**EXERCISE**
Pull every line containing "whole" from the data.
----
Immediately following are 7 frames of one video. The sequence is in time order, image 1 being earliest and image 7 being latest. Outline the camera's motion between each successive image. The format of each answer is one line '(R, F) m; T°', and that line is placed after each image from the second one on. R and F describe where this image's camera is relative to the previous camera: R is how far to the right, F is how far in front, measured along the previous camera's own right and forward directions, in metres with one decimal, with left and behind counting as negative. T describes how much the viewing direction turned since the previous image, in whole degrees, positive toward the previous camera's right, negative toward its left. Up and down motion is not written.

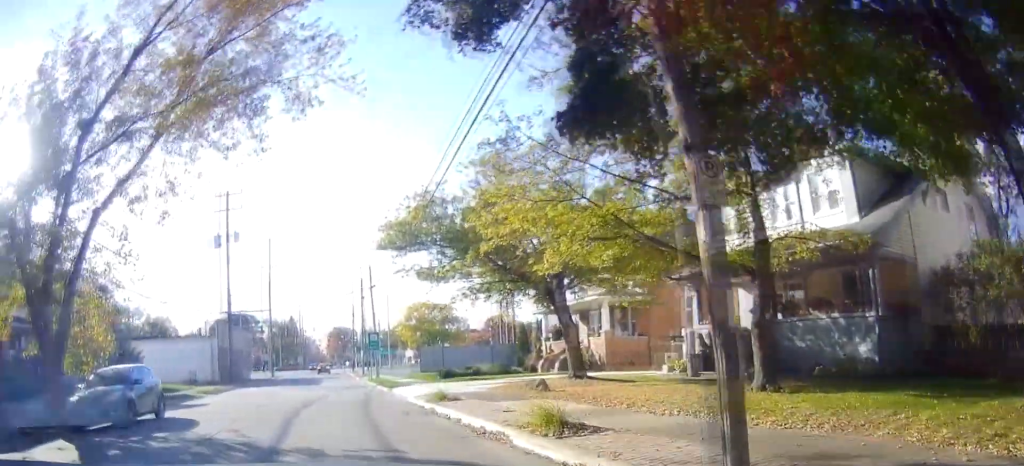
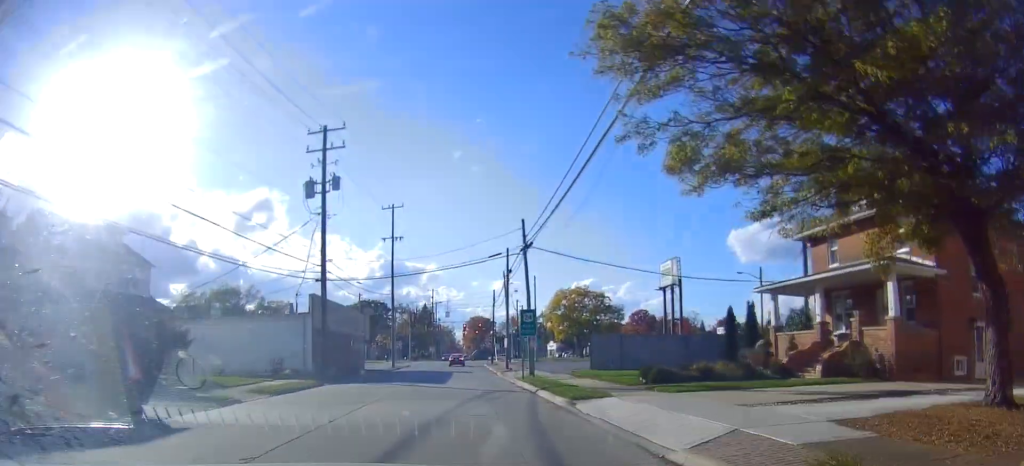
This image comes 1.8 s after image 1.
(-1.0, +8.6) m; -12°
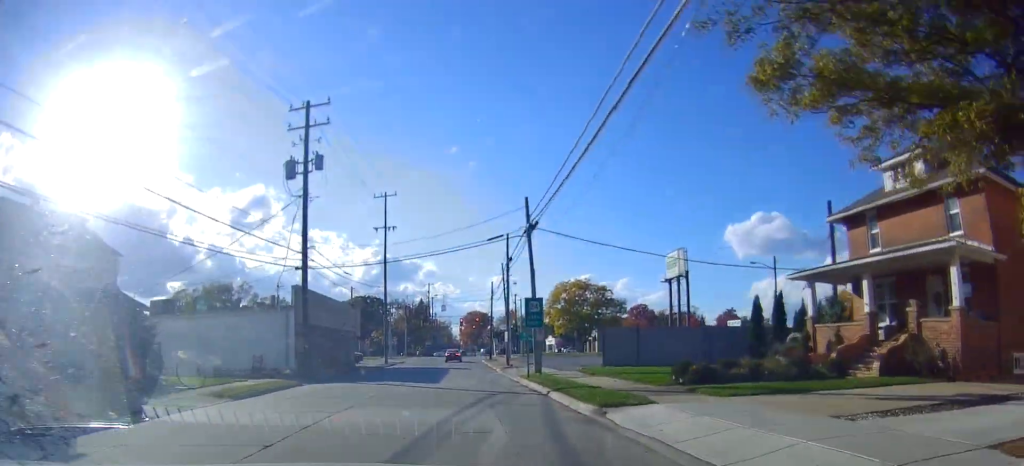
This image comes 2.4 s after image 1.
(-0.1, +3.0) m; -2°
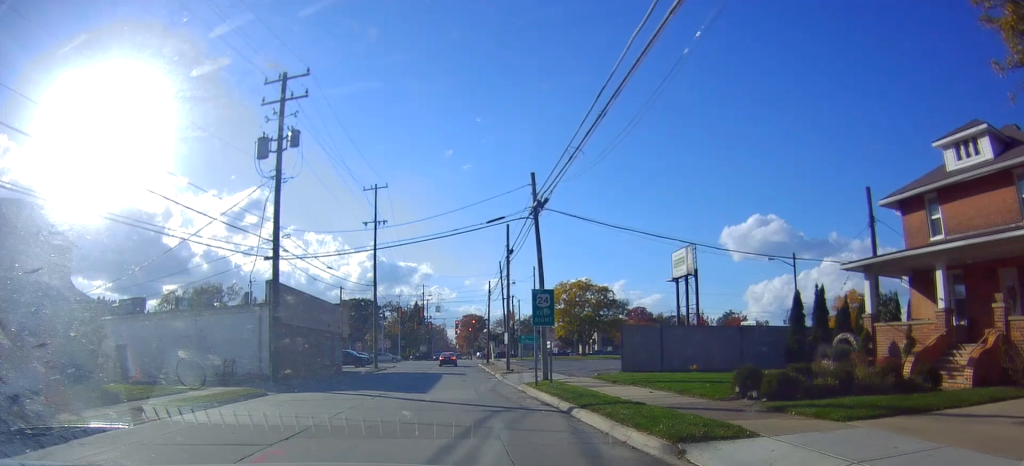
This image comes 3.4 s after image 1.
(-0.1, +4.8) m; -3°
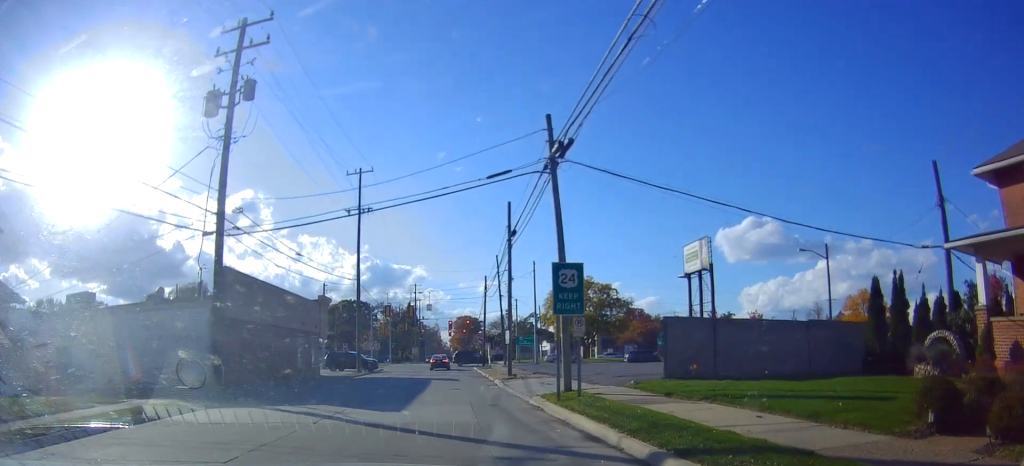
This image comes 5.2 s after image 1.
(-0.2, +7.5) m; -2°
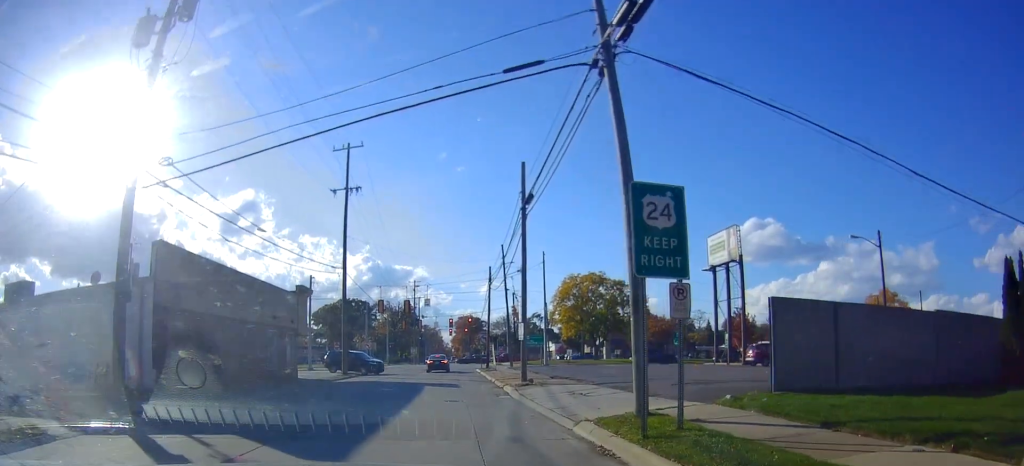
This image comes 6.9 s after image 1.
(0.0, +7.0) m; 0°
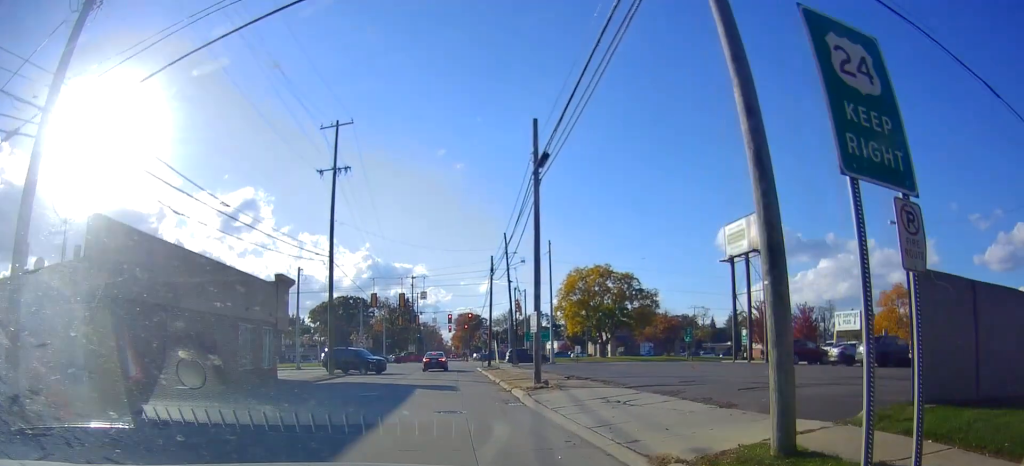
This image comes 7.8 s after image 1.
(0.0, +4.0) m; -1°
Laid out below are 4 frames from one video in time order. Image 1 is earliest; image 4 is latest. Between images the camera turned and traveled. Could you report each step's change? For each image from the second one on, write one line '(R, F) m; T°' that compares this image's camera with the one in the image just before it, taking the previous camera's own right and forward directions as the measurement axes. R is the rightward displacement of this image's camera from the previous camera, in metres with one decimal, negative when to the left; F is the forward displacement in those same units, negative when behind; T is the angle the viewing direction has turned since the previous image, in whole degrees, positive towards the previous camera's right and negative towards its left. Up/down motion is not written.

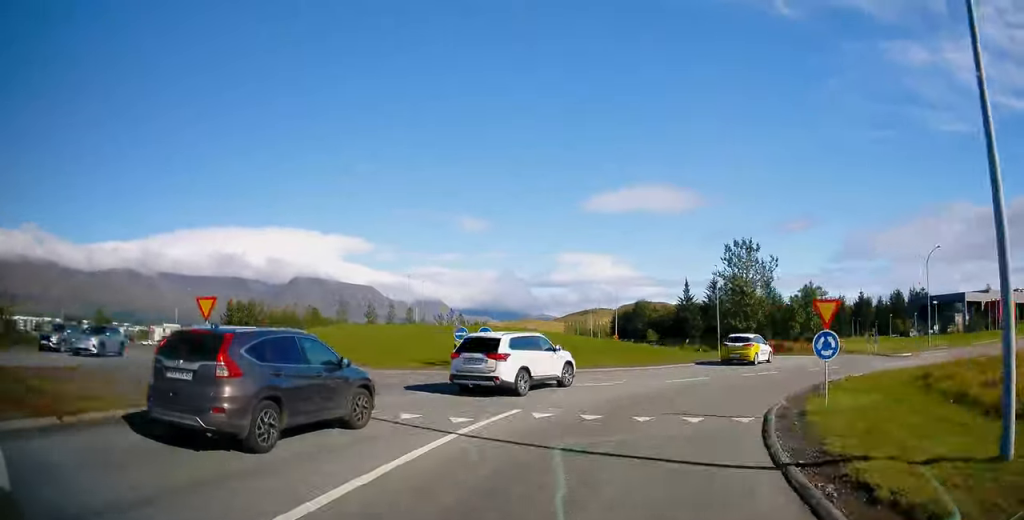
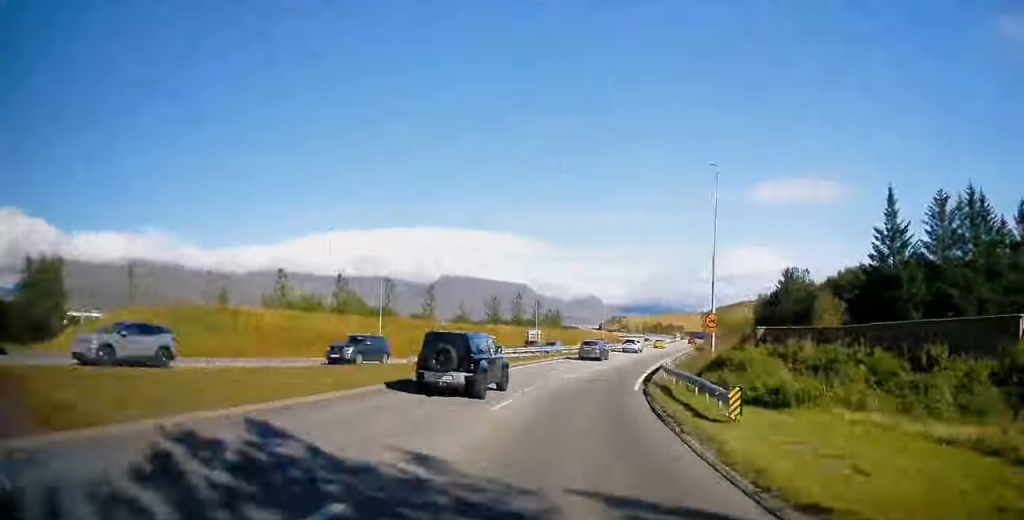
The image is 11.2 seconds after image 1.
(-14.0, +99.4) m; -17°
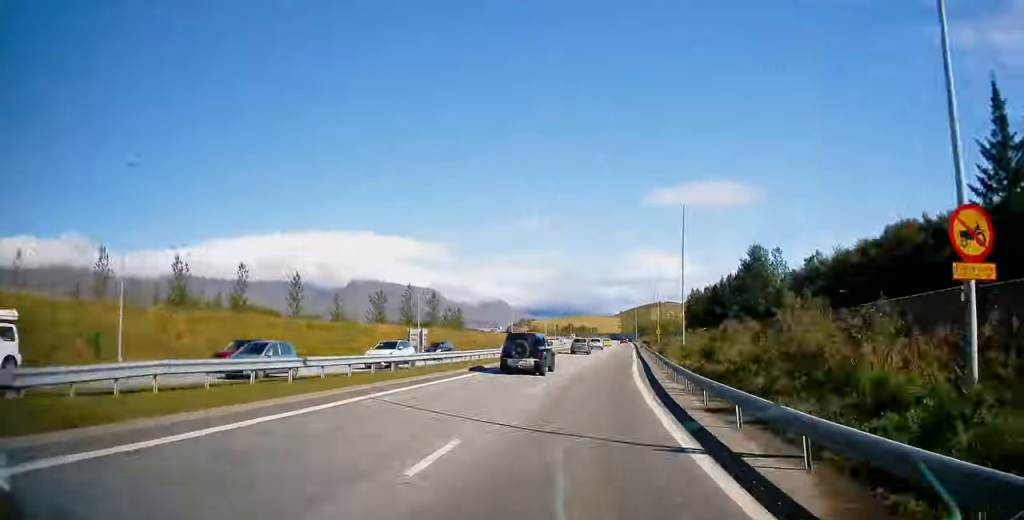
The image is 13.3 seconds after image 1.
(+2.0, +27.6) m; +5°
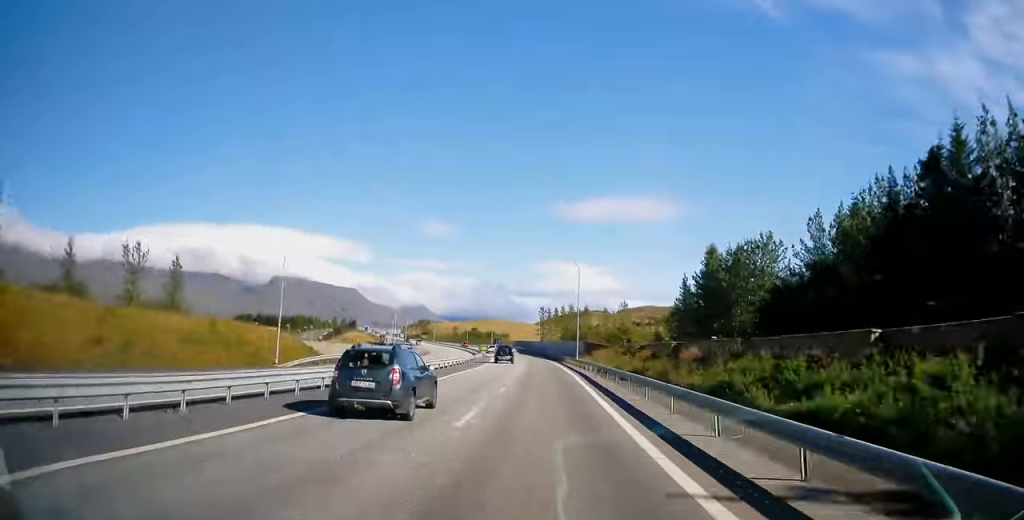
----
**ANSWER FOR THE TASK**
Immediately following are 7 frames of one video. The sequence is in time order, image 1 being earliest and image 7 being latest. Outline the camera's motion between each successive image. The format of each answer is one line '(R, F) m; T°', and that line is placed after each image from the second one on. R and F describe where this image's camera is relative to the previous camera: R is how far to the right, F is how far in front, measured along the previous camera's own right and forward directions, in metres with one decimal, with left and behind counting as negative. T describes how much the viewing direction turned since the previous image, in whole degrees, positive toward the previous camera's right, negative toward its left. Up and down motion is not written.
Laid out below are 4 frames from one video in time order. Image 1 is earliest; image 4 is latest. Between images the camera turned and traveled. Could you report each step's change? For each image from the second one on, write one line '(R, F) m; T°' that compares this image's camera with the one in the image just before it, taking the previous camera's own right and forward directions as the measurement axes. R is the rightward displacement of this image's camera from the previous camera, in metres with one decimal, negative when to the left; F is the forward displacement in those same units, negative when behind; T is the angle the viewing direction has turned since the previous image, in whole degrees, positive towards the previous camera's right and negative towards its left. Up/down motion is not written.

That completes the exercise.